We were almost home from our walk last night, enjoying the cool breeze and the last remaining bits of sunlight.  The dogs stopped to leave one final “calling card” on their favorite bush.

“Did I ever tell you how I got this scar on my elbow?” Jim said, looking off into the backyard of the house in front of us. 

“I don’t think so,” I answered, although he has, and several times in fact, but I thought he might need to tell it again.

“Well, it was right here,” he said, “before this house was built of course, this was all a huge field of grass and tall weeds, but there was a dirt path worn through from bikers.  I was riding across, fell off my bike, and landed on some jagged piece of glass which cut my arm.”

“So, what did you do?” I asked.

“Got back on my bike and rode home – really fast!, because it was bleeding a lot,” he answered.  “I remember my buddy Fred calling out to me, but I didn’t even answer.”

“Did you get stitches?”

He laughed dryly.  “No. I didn’t even tell anybody.  I just got some band aids and went into my room and fixed it up myself.”

“Gee,” I replied.  “I was always falling off my bike when I was a kid, and I’d be screaming and crying for my mom all the way home.  My mother said she could hear me coming for blocks.”

“Well, that was you,” he answered.  “I just had to comfort myself.”

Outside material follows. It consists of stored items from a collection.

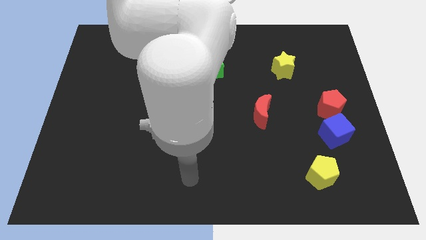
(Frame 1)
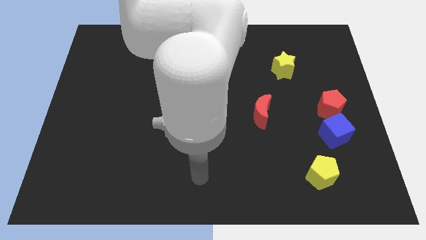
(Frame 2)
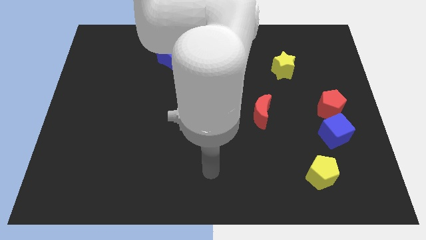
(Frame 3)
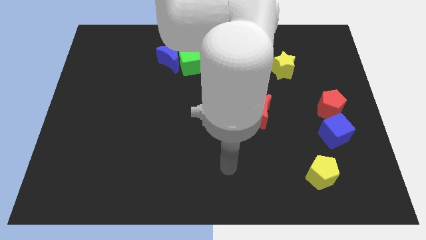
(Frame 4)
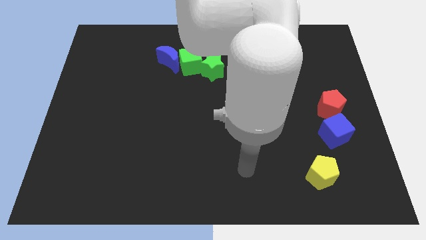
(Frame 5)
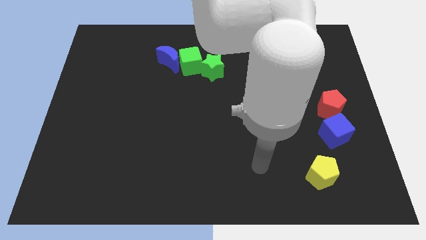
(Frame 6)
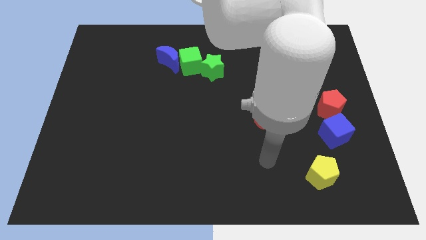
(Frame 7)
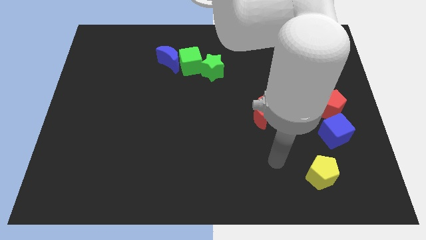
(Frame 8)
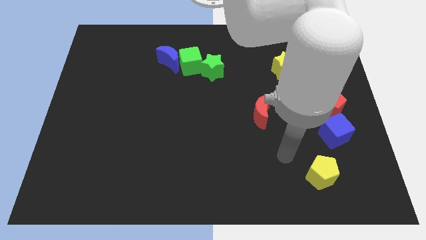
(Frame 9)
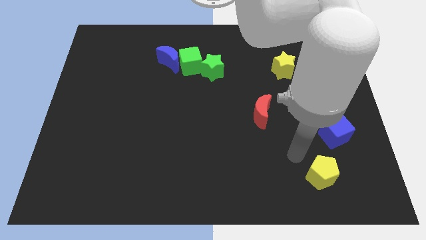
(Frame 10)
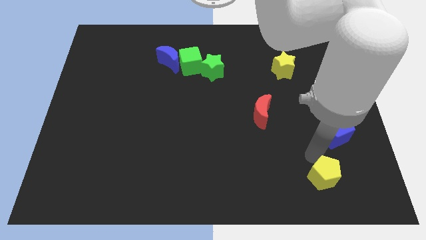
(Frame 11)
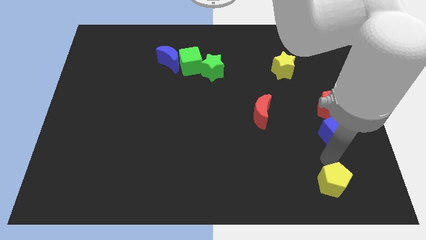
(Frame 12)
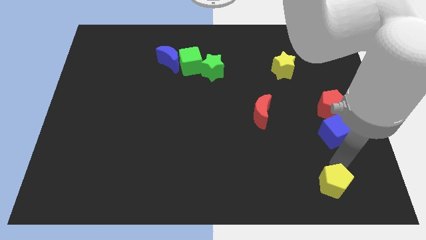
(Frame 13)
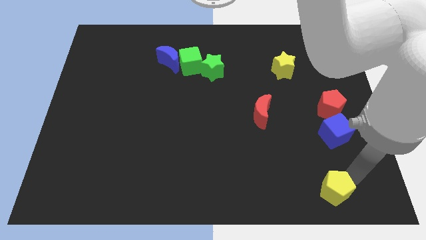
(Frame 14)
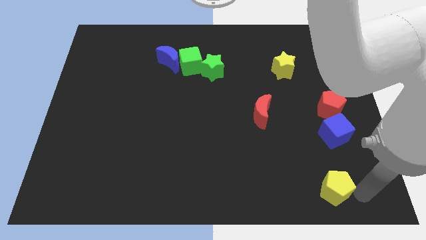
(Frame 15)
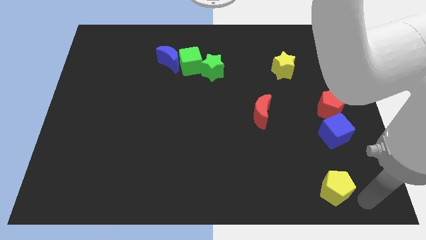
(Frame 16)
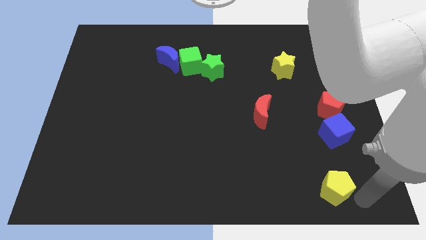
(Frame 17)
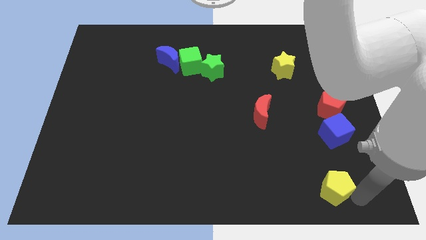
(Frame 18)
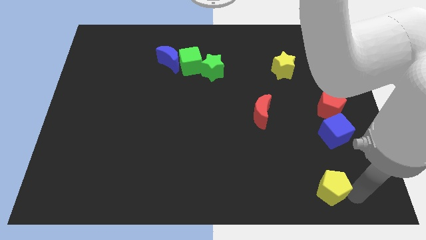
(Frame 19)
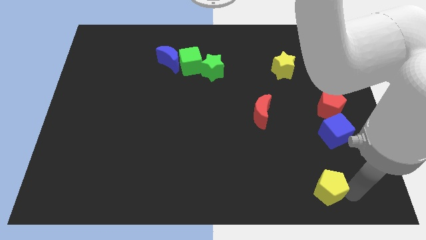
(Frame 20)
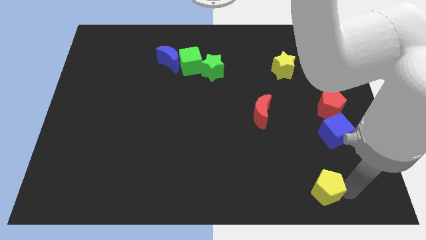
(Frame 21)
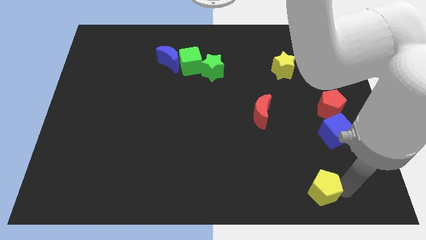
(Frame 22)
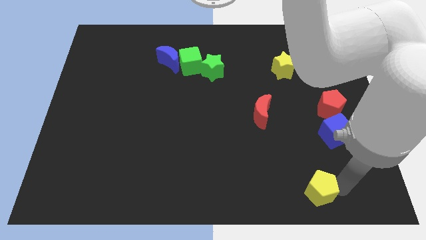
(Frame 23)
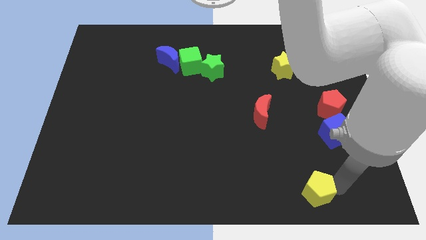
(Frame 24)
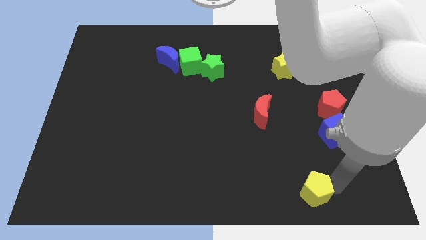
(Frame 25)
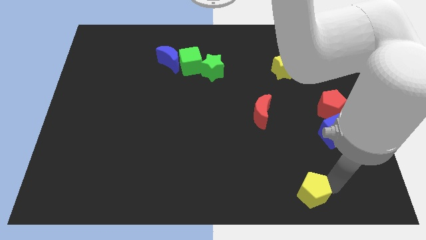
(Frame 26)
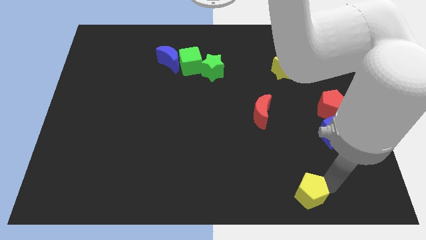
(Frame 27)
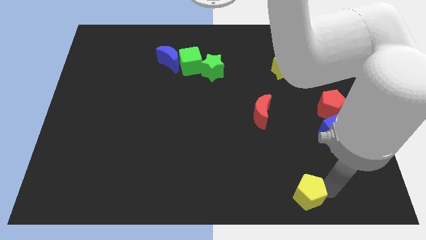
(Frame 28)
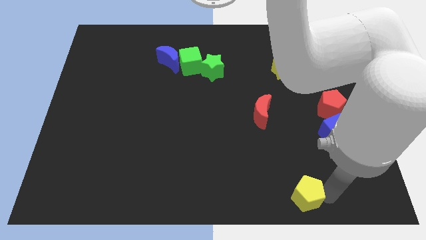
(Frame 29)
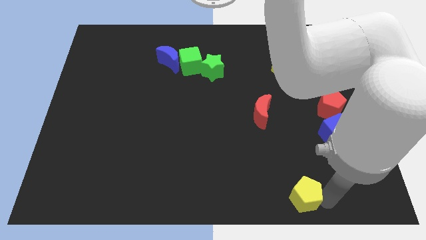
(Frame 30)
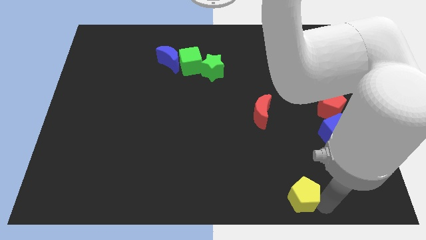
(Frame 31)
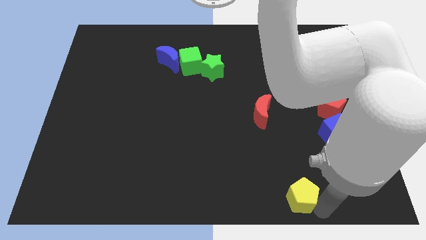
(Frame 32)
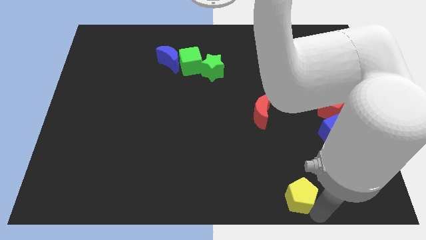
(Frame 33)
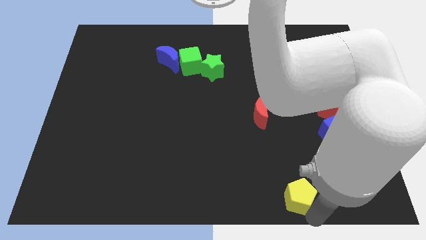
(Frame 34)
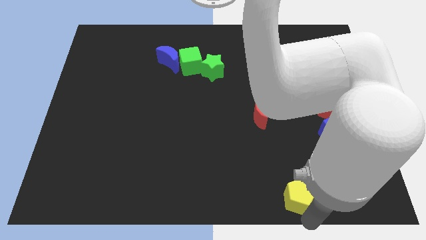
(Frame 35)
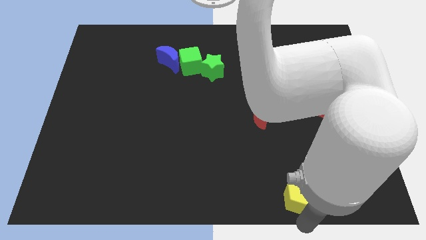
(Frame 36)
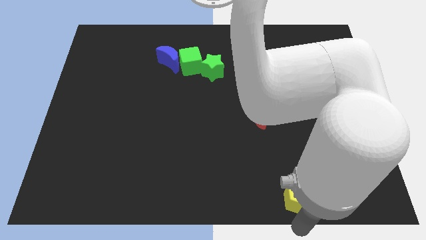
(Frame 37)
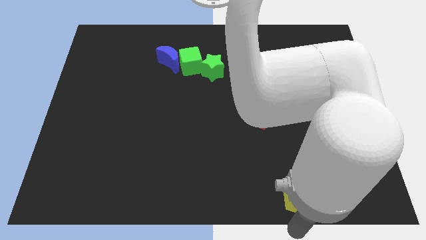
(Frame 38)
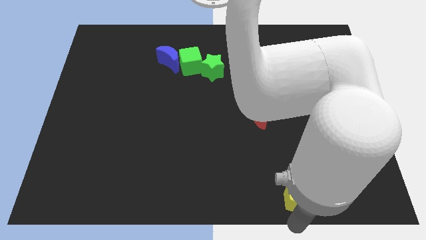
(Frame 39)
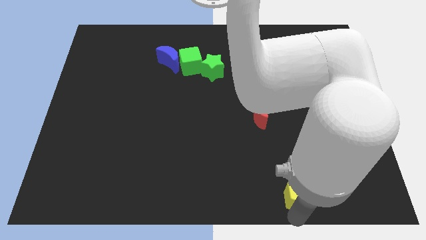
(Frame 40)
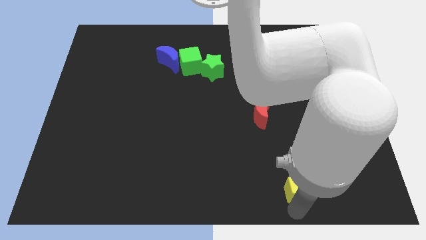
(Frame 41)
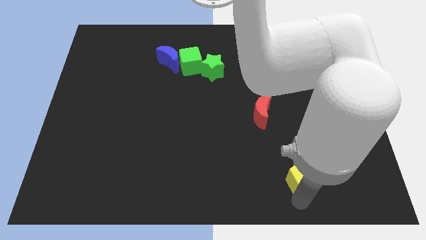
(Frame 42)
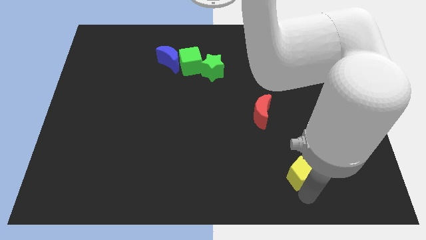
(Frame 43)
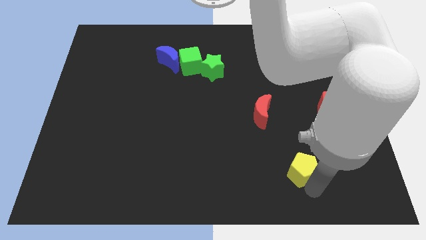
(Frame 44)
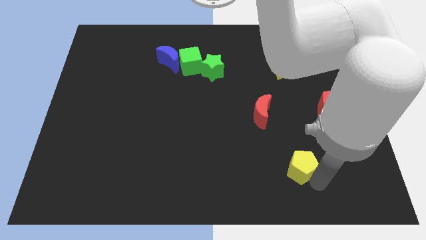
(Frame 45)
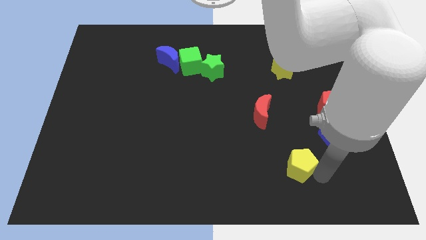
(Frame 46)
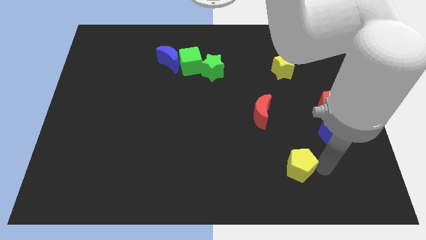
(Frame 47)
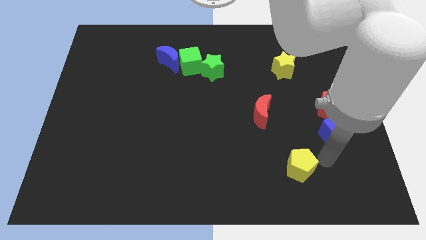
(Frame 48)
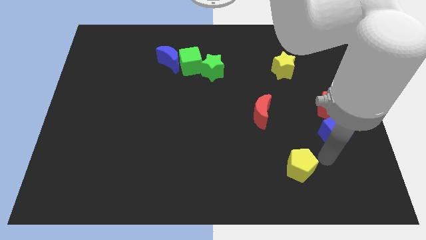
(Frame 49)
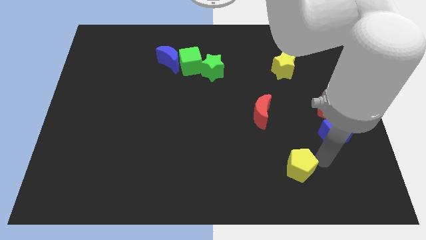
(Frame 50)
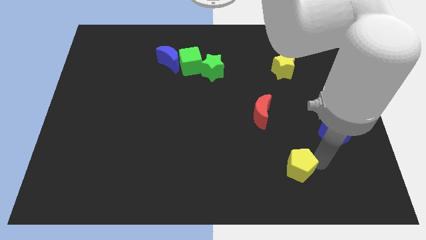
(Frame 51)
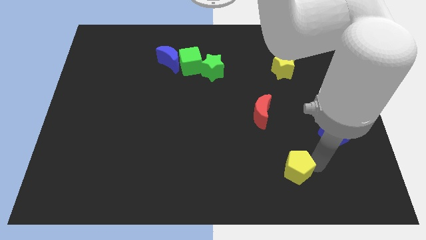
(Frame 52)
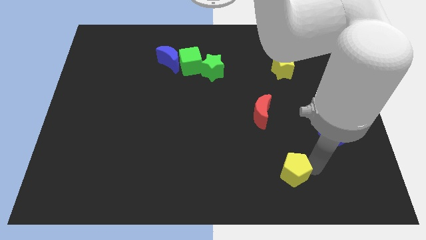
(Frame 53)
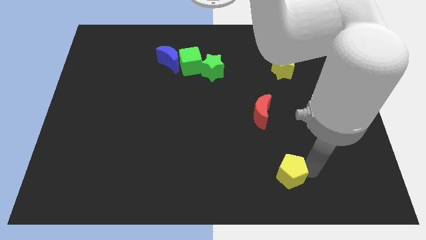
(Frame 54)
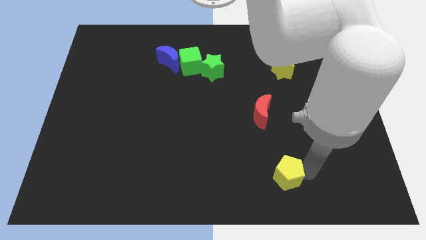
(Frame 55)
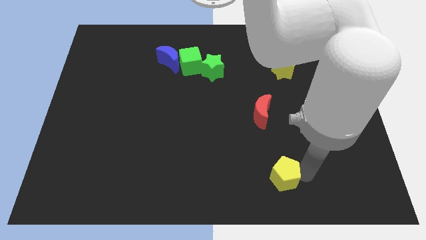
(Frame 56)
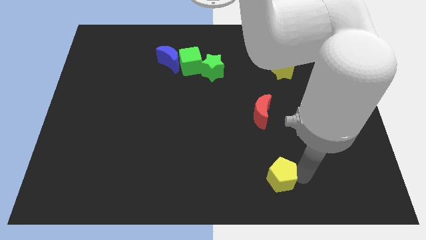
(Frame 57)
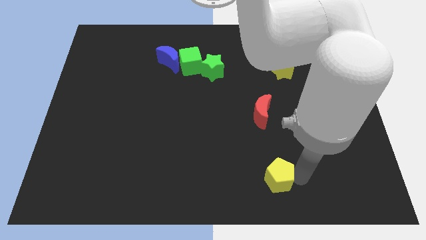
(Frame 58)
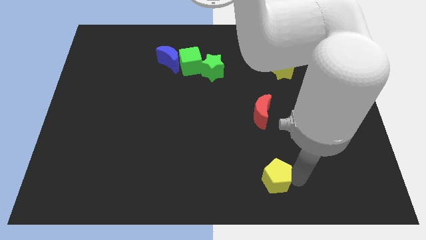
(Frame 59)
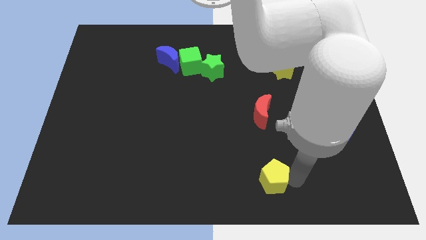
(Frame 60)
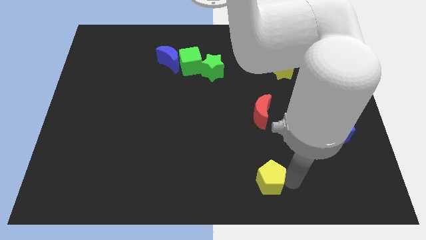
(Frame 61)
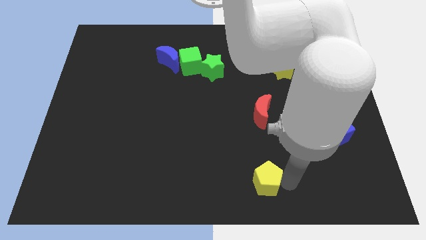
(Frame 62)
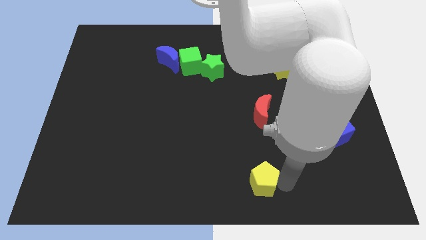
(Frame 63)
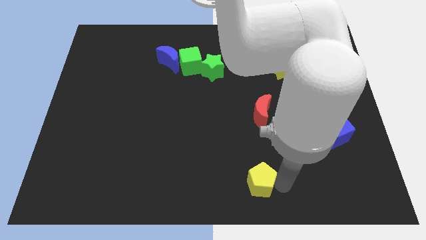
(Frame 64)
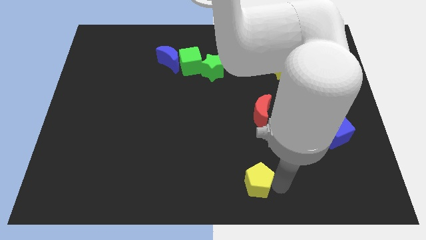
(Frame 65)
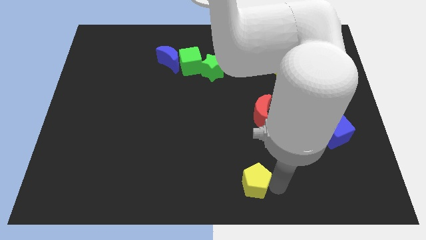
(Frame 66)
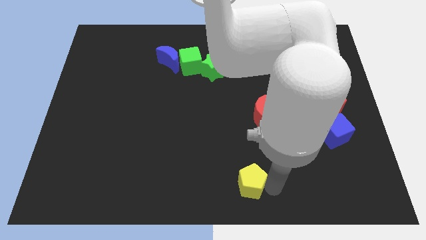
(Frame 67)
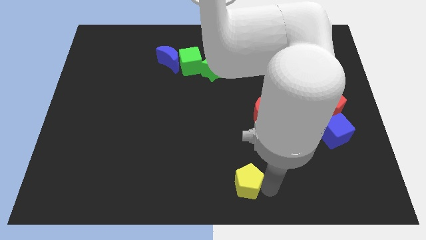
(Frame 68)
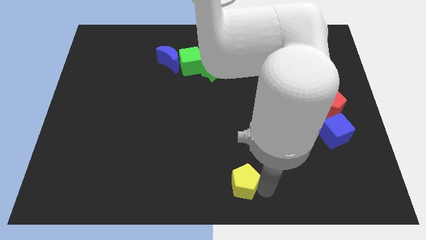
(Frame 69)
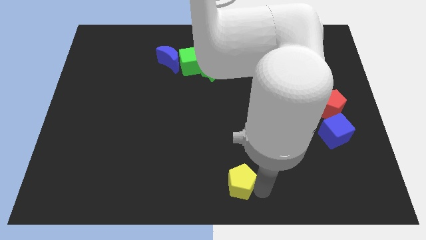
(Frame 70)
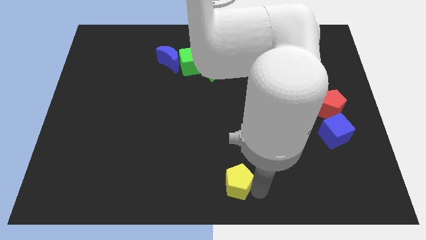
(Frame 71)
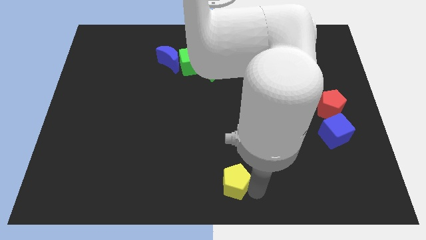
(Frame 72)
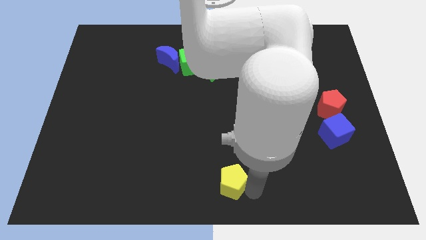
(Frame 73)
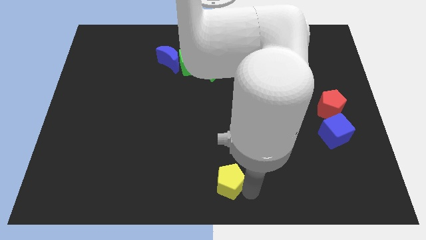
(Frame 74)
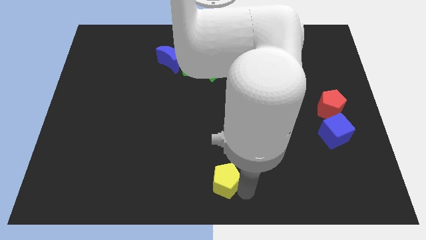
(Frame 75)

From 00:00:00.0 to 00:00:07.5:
slide the yellow pentagon left

My husband’s been telling me a lot of those stories lately, and I suppose it’s part of coming to terms with his mother’s imminent death.  If you read here at all regularly, you’ll know that their relationship was not particularly close or loving, was in fact characterized by a lot of unrealized expectations (on her part) and guilt (on his).  When her dementia progressed to the point that she no longer recognized him or remembered his existence, I think he felt freer than he ever felt in his life. 

But as I look at her now, hovering near the end of a life that never seemed quite what she wanted it to be, I can only feel empathy for her.  After all, no one sets out to be a bad mother, no one aims to drive their children crazy, or purposefully withholds the love and nurturing they need. (Well, I suppose some people do, but they’re simply psychopathic).  I honestly believed she loved Jim with all her heart…she simply didn’t know how to express it in a way that was meaningful to him.

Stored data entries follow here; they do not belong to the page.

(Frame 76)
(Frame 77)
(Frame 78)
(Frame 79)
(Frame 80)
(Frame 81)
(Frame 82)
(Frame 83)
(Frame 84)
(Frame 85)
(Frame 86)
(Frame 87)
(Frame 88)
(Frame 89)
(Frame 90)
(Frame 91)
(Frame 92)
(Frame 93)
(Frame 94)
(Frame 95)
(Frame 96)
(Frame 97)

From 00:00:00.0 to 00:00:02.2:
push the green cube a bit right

Sometimes people can only love as much as they’ve been loved.  The stories I’ve heard about her father revolved around his rules – for behavior at the dinner table, for keeping strict curfews.  She’s often told the tale of being locked outside for the entire night because she was five minutes late getting home. And then she married a man twenty years her senior, a man whom she addressed in their early correspondence as “Pop,” a man who was neither affectionate, nor humorous, nor given to indulgence or enjoyment.  Their marriage was always fractious and contentious – I never once heard them exchange a kind word.  

A chilly childhood and a loveless, bitter marriage are probably not the best ingredients for good mothering.

Nevertheless, sitting by her bedside I’m always moved to tears, mostly for her and for the happiness she couldn’t seem to find.  She has lingered with this wretched illness for so long… six years now of drifting farther out to sea every day…and I wonder what divine plan this could possibly be part of. 

So I come home and hug my own mother, whose love has comforted me so well all my life, and hug my husband, who has lots of overdue comfort coming to him.

And I wish I could hug my son.  But I hope that I’ve comforted him well when he needed it.


10 thoughts on “Comforters

  1. More than a year removed from my own father’s death, I still find myself going over “stories” from the past, even if only in my own mind. Bless you for listening as Jim recounts them to you, and for being there for his mother. You are all in my thoughts and prayers.

  2. Reading this, Becca, I don’t know what to say. You have a magnanimous heart. You show us the good things in the drabbest of moments. I too find sunshine in everything I undergo..good..bad or anything…

    Somehow compared with yours, I do lack something…

    I am very glad I know if only via the blog world…

  3. You do have a generous heart, Becca. I love what you show us of how to live. And my heart goes out to you & Jim as you make your way through your own difficult times, with grace and love.

  4. My MIL is entering into a similar state. She has little awareness of her surroundings at this point, but her body has not given up yet, although there are signs that this path may be starting.

    I’m so sorry for what you and Jim are going through. I’m especially sorry that Jim didn’t have the love and comfort that he needed growing up.

    You do, indeed, have a lovely heart, Becca. My MIL had some ups and downs in her own life, but she was very, very loving and very well-loved. I also know this is the last way she would want to be living, and that, in itself, breaks my heart.

    Here’s to comfort for you and Jim.

  5. Hello Becca–
    I arrived at Becca’s Byline through a most circuitous route that began with a comment left at Book Stack. But how wonderful to know you are here too. You are indeed a most kind and spirit-filled person (and a marvelous writer). Thanks for sharing such difficult moments. I will keep you and yours in my thoughts, ~ sadie

  6. It sounds like you have a lot of kindness and understanding. I’m sorry that the burdens are piling up on you. Don’t let them get you down.